Linux is unaffected, as is Java 21.
Increasing number of threads
Lastly, we will find the maximum number of threads that can be run in a container with different stack size configurations.
docker run -m 2g --memory-swap 2g --rm -d -e JAVA_OPTS="-Xss1024k -XX:MaxRAMPercentage=75" --name J17_2040k memoryfiller:java17 7000 100 250
On MacOS with default stack size (2040 KB), container gets killed by Docker after ~1050 threads.
With a decreased JVM stack size of 1024 KB (-Xss1024k option), we can go up to ~7100 threads. Further reducing the stack size does not have an impact.

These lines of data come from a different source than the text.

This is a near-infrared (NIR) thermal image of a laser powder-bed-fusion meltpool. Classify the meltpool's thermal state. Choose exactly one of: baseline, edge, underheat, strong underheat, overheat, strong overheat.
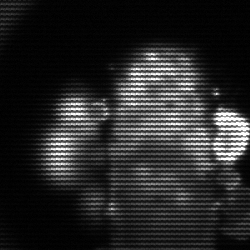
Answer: strong underheat
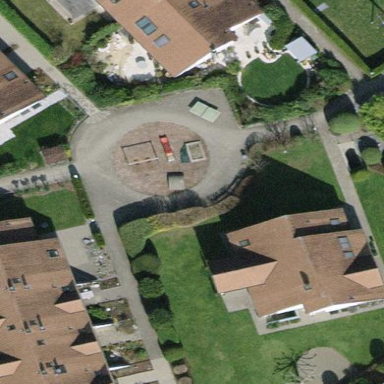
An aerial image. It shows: Playground area for leisure land.
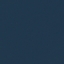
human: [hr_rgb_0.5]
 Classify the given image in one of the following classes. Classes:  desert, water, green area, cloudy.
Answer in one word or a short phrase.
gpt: water
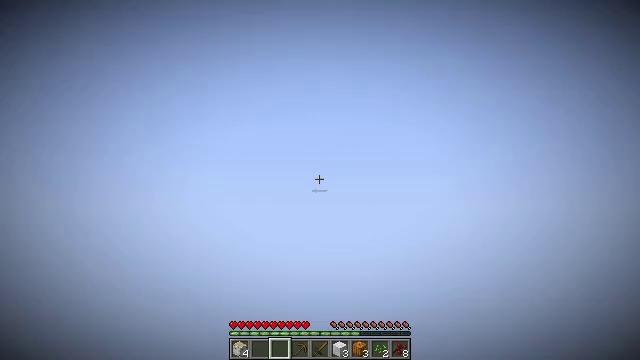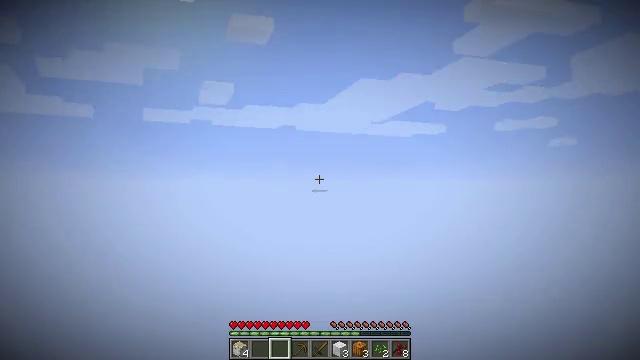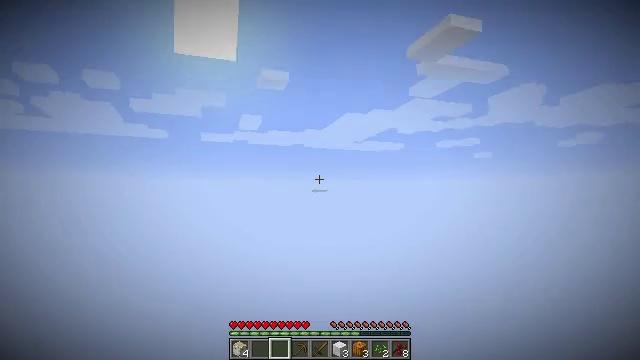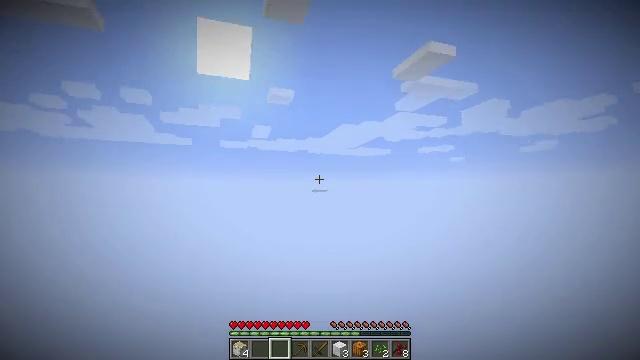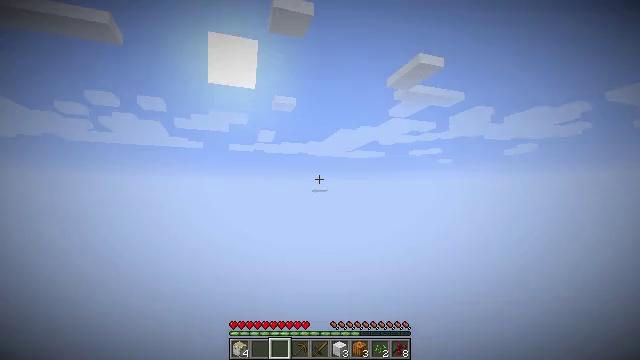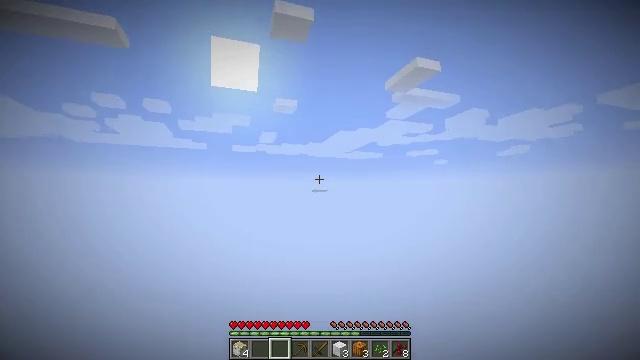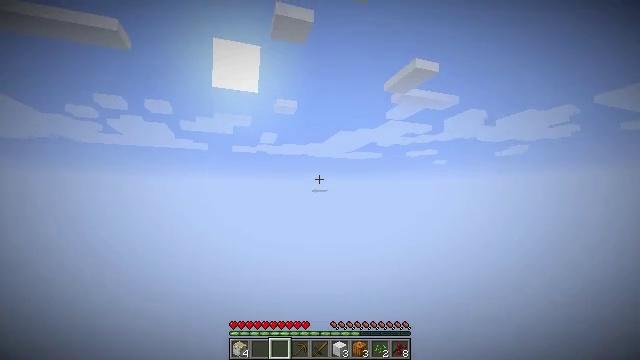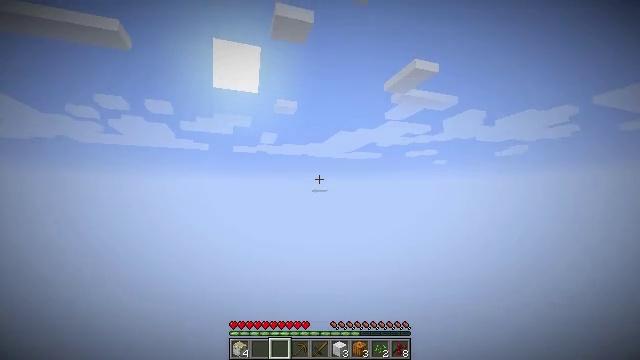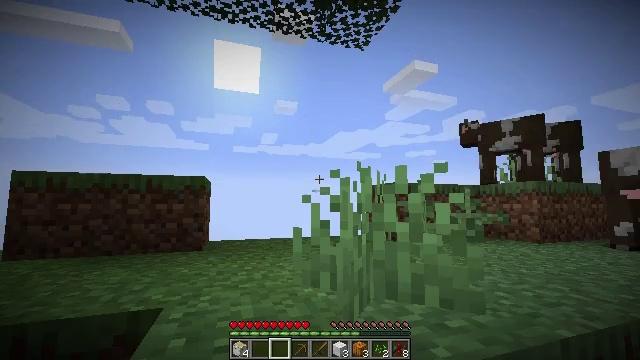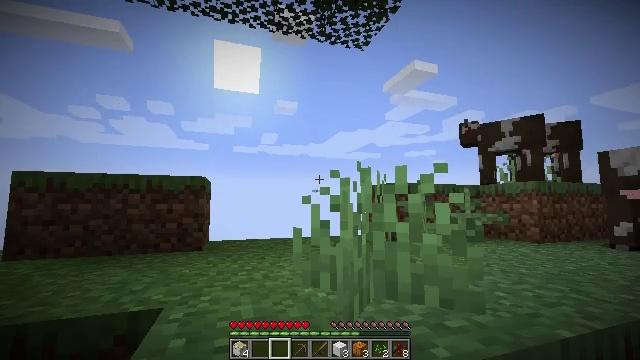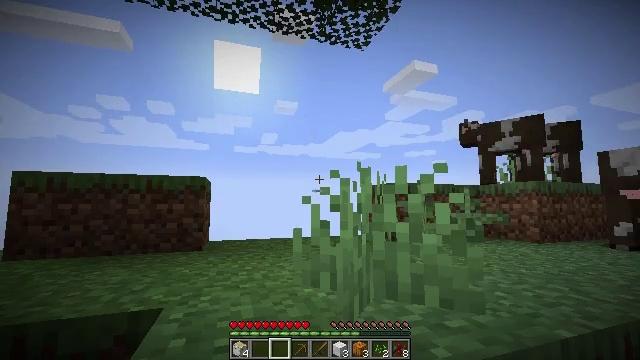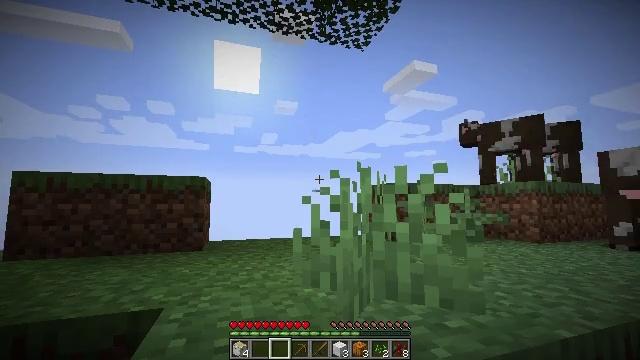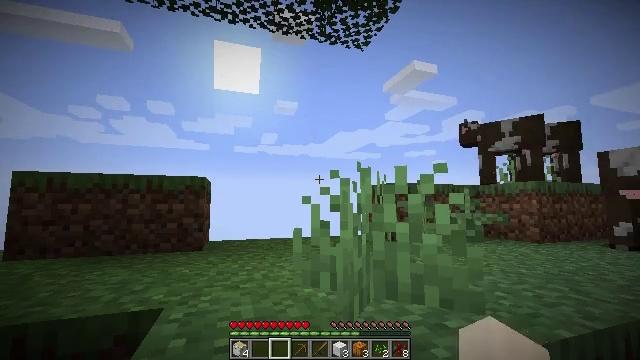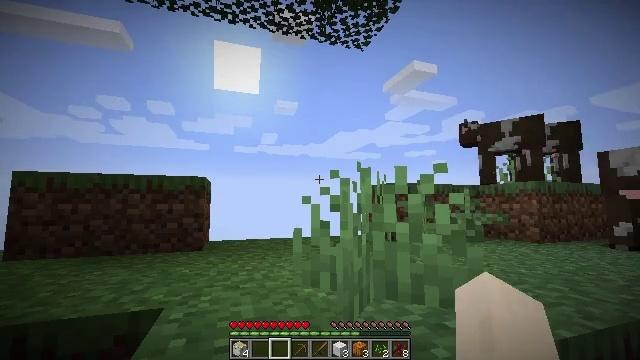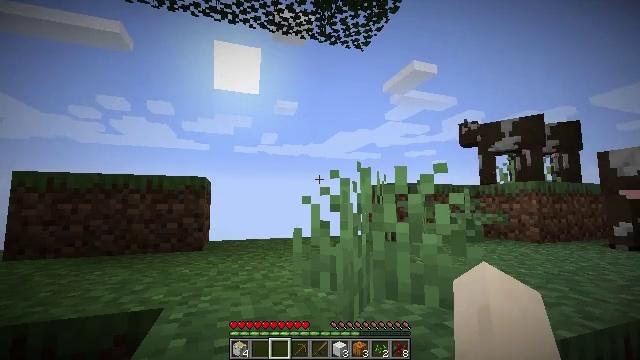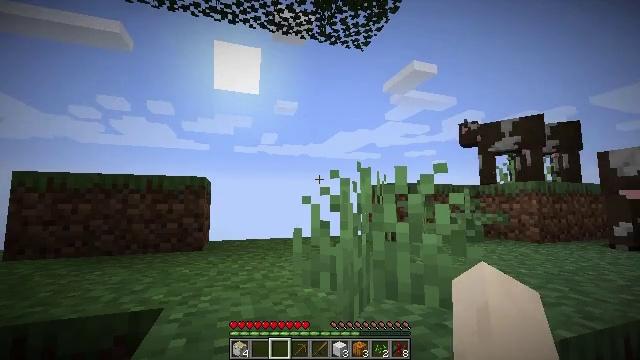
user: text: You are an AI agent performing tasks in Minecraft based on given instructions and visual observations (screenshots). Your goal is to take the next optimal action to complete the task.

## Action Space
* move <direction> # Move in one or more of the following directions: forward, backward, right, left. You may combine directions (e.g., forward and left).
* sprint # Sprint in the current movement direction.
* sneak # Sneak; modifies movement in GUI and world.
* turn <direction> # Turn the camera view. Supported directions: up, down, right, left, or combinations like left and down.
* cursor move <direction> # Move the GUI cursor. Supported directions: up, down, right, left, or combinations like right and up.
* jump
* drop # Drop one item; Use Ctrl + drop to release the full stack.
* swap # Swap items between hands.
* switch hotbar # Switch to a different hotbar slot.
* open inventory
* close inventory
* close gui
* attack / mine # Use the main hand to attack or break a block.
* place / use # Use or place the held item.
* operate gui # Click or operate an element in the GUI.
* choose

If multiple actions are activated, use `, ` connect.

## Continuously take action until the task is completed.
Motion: motion action
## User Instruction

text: Break the fern to clear the area.
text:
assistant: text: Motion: no_op
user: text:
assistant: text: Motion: no_op
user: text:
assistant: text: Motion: no_op
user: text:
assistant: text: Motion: no_op
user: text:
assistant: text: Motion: no_op
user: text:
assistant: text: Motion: no_op
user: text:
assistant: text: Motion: no_op
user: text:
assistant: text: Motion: no_op
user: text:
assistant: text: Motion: no_op
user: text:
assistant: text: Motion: no_op
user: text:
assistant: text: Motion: no_op
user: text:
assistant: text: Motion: no_op
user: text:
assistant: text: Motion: no_op
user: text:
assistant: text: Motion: no_op
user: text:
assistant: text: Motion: no_op
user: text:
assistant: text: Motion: turn right and down
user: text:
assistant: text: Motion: no_op
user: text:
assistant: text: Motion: no_op
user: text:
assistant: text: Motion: no_op
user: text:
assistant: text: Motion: no_op
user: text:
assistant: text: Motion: no_op
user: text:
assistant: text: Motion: no_op
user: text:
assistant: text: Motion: no_op
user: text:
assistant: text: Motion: no_op
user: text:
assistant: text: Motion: no_op
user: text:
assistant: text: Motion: no_op
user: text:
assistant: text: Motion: no_op
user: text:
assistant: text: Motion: no_op
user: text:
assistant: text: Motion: no_op
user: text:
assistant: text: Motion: no_op
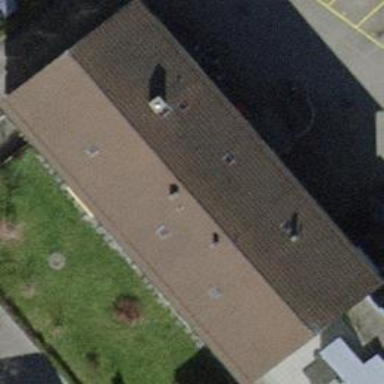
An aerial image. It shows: Tile-roofed apartment building.
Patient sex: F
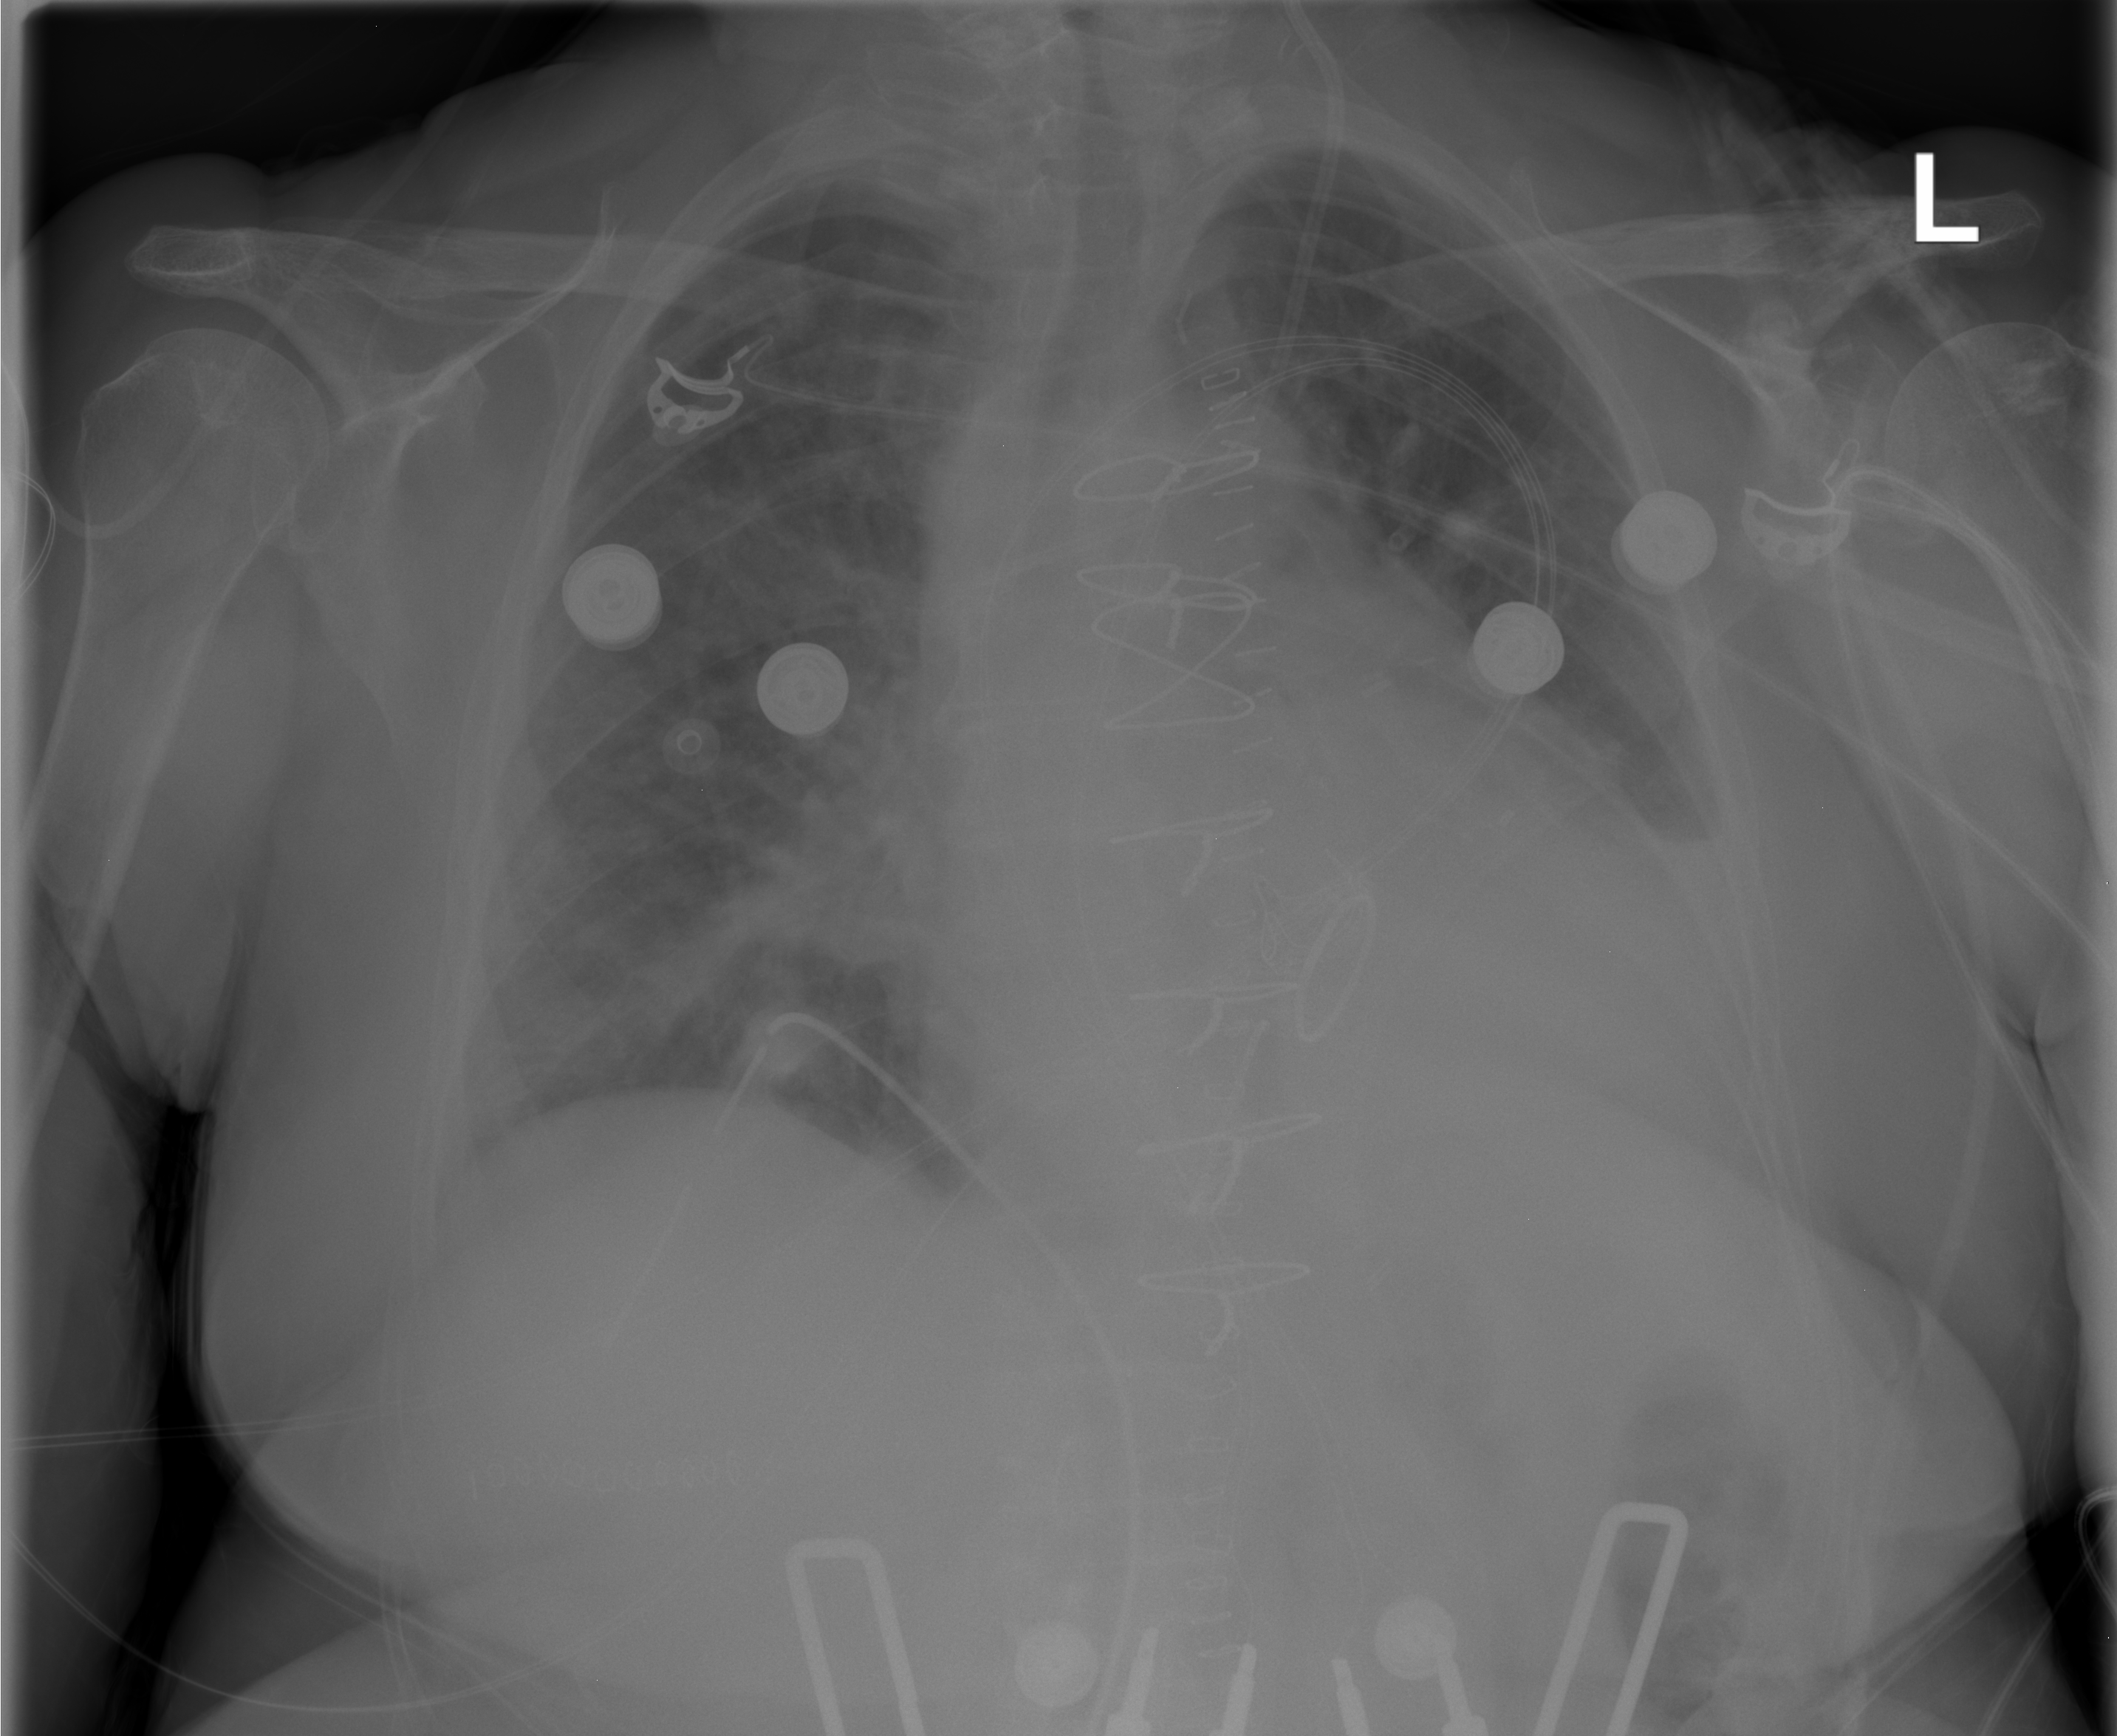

Like the previous test, this only occurs on MacOS, with LTS Java versions 17 and below.
Conclusion
-
JVM Stack size option ‘-Xss’ determines how much virtual memory is reserved per thread. Since actual memory allocation occurs dynamically, this does not affect total memory usage, or scalability, besides the minimum effect of mapping table size, but,
-
Significant high memory usage has been observed on Java versions 8 - 17 running in a container on MacOs, when the stack size is set more than 1024 KB.
-
The default stack size on ARM64 architecture being twice of X86 architecture result in Macs with Apple Silicon encountering the mentioned high memory consumption issue with the default JVM configuration.
-
Java 8 and Java 17 on MacOS allocates memory less efficiently than Java 17 and 21, the difference is bigger on Java 8 NMT reports are here.
Only a few services require more than 1024 KB of stack, with Elasticsearch being one of them. Using Java 21 or applying -Xss1024k
argument will lower the memory consumption of containers.